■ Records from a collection
▼

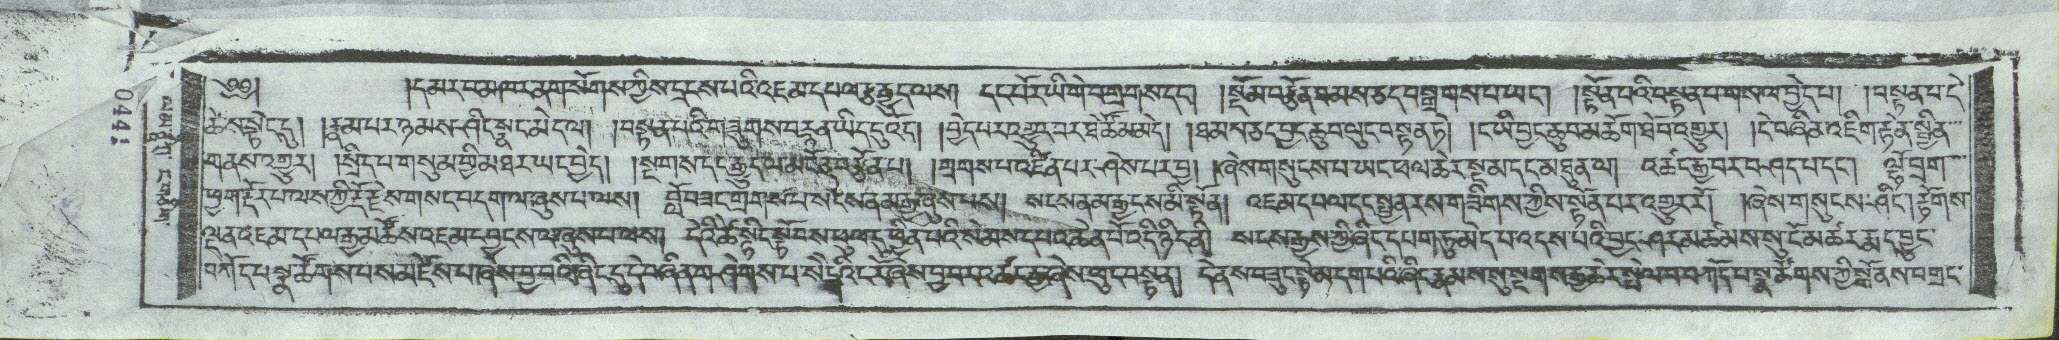༄༅། །དམར་བ་མཁར་ནག་སོགས་ཀྱིས་དྲངས་པའི་འཇམ་དཔལ་རྩ་རྒྱུད་ལས། དང་པོར་ཡི་གེ་བ་གྲགས་དང་། །སྡོམ་བརྩོན་ཐམས་ཅད་བསྒྲགས་པ་ཡང་། །སྟོན་པའི་བསྟན་པ་གསལ་བྱེད་པ། །བསྟན་པ་དེ་
ཚེས་སྟེང་དུ། །རྣམ་པར་ཉམས་ཤིང་སྣང་མེད་ལ། །བསྟན་པའི་གཟུགས་བརྙན་ཡིད་དུ་འོང་། །བྱེད་པར་འགྱུར་བར་ཐེ་ཚོམ་མེད། །ཐམས་ཅད་བྱང་ཆུབ་ལུང་བསྟན་ཏེ། །ང་ཡི་བྱང་ཆུབ་མཆོག་ཐོབ་འགྱུར། །དེ་བཞིན་འཇིག་རྟེན་སྦྱིན་
གནས་འགྱུར། །སྲིད་པ་གསུམ་གྱི་མཐར་ཡང་བྱེད། །སྔགས་དང་རྒྱུད་ལ་མངོན་བརྩོན་པ། །གྲགས་པ་འཛིན་པར་ཤེས་པར་བྱ། །ཞེས་གསུངས་པ་ཡང་ཕལ་ཆེར་སྔ་མ་དང་མཐུན་ལ། འཚང་རྒྱ་བར་བཤད་པ་དང་། ལྷོ་བྲག་
ཕྱག་རྡོར་པ་ལས་ཀྱི་རྡོ་རྗེས་གསང་བདག་ལ་ཞུས་པ་ལས། བློ་བཟང་གྲགས་པ་སངས་ནམ་རྒྱ་ཞུས་པས། སངས་ནམ་རྒྱངས་མི་སྟོན། འཇམ་དཔལ་དང་སྤྱན་རས་གཟིགས་ཀྱིས་སྟོན་པར་འགྱུར་རོ། །ཞེས་གསུངས་ཤིང་། རྟོགས་
ལྡན་འཇམ་དཔལ་རྒྱ་མཚོས་འཇམ་དབྱངས་ལ་ཞུས་པ་ལས། དེའི་ཚེ་སྙིང་སྟོབས་ཕུལ་དུ་ཕྱིན་པའི་སེམས་དཔའ་ཆེན་པོ་འདི་ཉིད་ནི། །སངས་རྒྱས་ཀྱི་ཞིང་དཔག་ཏུ་མེད་པ་འདས་པའི་བྱང་ཤར་མཚམས་སུ་ངོ་མཚར་རྨད་བྱུང་
བཀོད་པ་སྣ་ཚོགས་པས་མཛེས་པ་ཞེས་བྱ་བའི་ཞིང་དུ་དེ་བཞིན་གཤེགས་པ་སེངྒེའི་ང་རོ་ཞེས་བྱ་བར་འཚར་རྒྱ་ཞེས་ལུང་བསྟན། དེ་ནས་བཞུང་སྟེ་མ་དག་པའི་ཞིང་རྣམས་སུ་སྔགས་རྒྱ་ཚེ་སྤེལ་བ་བཀོད་པ་སྣ་ཚོགས་ཀྱི་སྒོ་ནས་བགྲང་

▲

What you output must match the data exactly, apart from the pictures, which are left out.

■ TASK SOLUTION
༄༅། །དམར་བ་མཁར་ནག་སོགས་ཀྱིས་དྲངས་པའི་འཇམ་དཔལ་རྩ་རྒྱུད་ལས། དང་པོར་ཡི་གེ་བ་གྲགས་དང་། །སྡོམ་བརྩོན་ཐམས་ཅད་བསྒྲགས་པ་ཡང་། །སྟོན་པའི་བསྟན་པ་གསལ་བྱེད་པ། །བསྟན་པ་དེ་
ཚེས་སྟེང་དུ། །རྣམ་པར་ཉམས་ཤིང་སྣང་མེད་ལ། །བསྟན་པའི་གཟུགས་བརྙན་ཡིད་དུ་འོང་། །བྱེད་པར་འགྱུར་བར་ཐེ་ཚོམ་མེད། །ཐམས་ཅད་བྱང་ཆུབ་ལུང་བསྟན་ཏེ། །ང་ཡི་བྱང་ཆུབ་མཆོག་ཐོབ་འགྱུར། །དེ་བཞིན་འཇིག་རྟེན་སྦྱིན་
གནས་འགྱུར། །སྲིད་པ་གསུམ་གྱི་མཐར་ཡང་བྱེད། །སྔགས་དང་རྒྱུད་ལ་མངོན་བརྩོན་པ། །གྲགས་པ་འཛིན་པར་ཤེས་པར་བྱ། །ཞེས་གསུངས་པ་ཡང་ཕལ་ཆེར་སྔ་མ་དང་མཐུན་ལ། འཚང་རྒྱ་བར་བཤད་པ་དང་། ལྷོ་བྲག་
ཕྱག་རྡོར་པ་ལས་ཀྱི་རྡོ་རྗེས་གསང་བདག་ལ་ཞུས་པ་ལས། བློ་བཟང་གྲགས་པ་སངས་ནམ་རྒྱ་ཞུས་པས། སངས་ནམ་རྒྱངས་མི་སྟོན། འཇམ་དཔལ་དང་སྤྱན་རས་གཟིགས་ཀྱིས་སྟོན་པར་འགྱུར་རོ། །ཞེས་གསུངས་ཤིང་། རྟོགས་
ལྡན་འཇམ་དཔལ་རྒྱ་མཚོས་འཇམ་དབྱངས་ལ་ཞུས་པ་ལས། དེའི་ཚེ་སྙིང་སྟོབས་ཕུལ་དུ་ཕྱིན་པའི་སེམས་དཔའ་ཆེན་པོ་འདི་ཉིད་ནི། །སངས་རྒྱས་ཀྱི་ཞིང་དཔག་ཏུ་མེད་པ་འདས་པའི་བྱང་ཤར་མཚམས་སུ་ངོ་མཚར་རྨད་བྱུང་
བཀོད་པ་སྣ་ཚོགས་པས་མཛེས་པ་ཞེས་བྱ་བའི་ཞིང་དུ་དེ་བཞིན་གཤེགས་པ་སེངྒེའི་ང་རོ་ཞེས་བྱ་བར་འཚར་རྒྱ་ཞེས་ལུང་བསྟན། དེ་ནས་བཞུང་སྟེ་མ་དག་པའི་ཞིང་རྣམས་སུ་སྔགས་རྒྱ་ཚེ་སྤེལ་བ་བཀོད་པ་སྣ་ཚོགས་ཀྱི་སྒོ་ནས་བགྲང་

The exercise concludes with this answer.